Step 6: Assemble the Salad
Transfer most of the breadcrumb mixture to a large plate. Arrange the crispy fish fillets on top, then sprinkle remaining mixture over the fish. Serve immediately.
Pro Tips & Substitutions
Fish: Use branzino (mildest white fish); substitute cod/halibut for milder flavor.
Crispy Skin: Pat fish dry; high heat and minimal stirring during the first 4 minutes ensure crisp skin.

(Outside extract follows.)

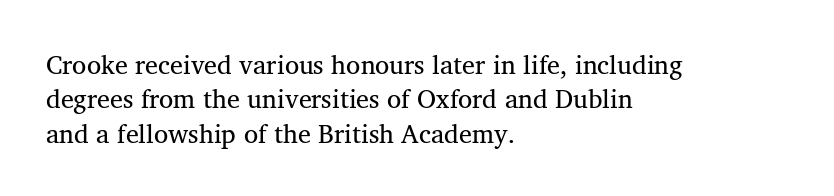
{"underline": "no", "align": "left", "line_spacing": "normal", "line_spacing_ratio": 1.32, "letter_spacing": "normal", "letter_spacing_em": 0.0, "glyph_px": 26}

Sheet Pan Alternative: Line a baking sheet with parchment; toss bread/capers/pine nuts with oil, bake at 400°F (200°C) for 8–10 minutes. Bake fish at 450°F (230°C) for 10–12 minutes (skin-side down first).
Raisins: Swap for currants for a deeper, less sweet flavor.
Vinegar Reduction: Reduce until it coats the back of a spoon for concentrated acidity.
Reader Feedback
“Trader Joe’s frozen branzino works great—thin cut crisps quickly. Add spinach for greens!”
“Substituted sea bass with pork tenderloin strips; baked at 425°F (220°C) for 15 minutes—crispy and delicious!”
“Outdoor grill hack: Use a cast-iron skillet over medium heat for even cooking without stovetop mess.”
Chef’s Note: For a lighter version, serve over a bed of arugula or romaine lettuce to balance textures.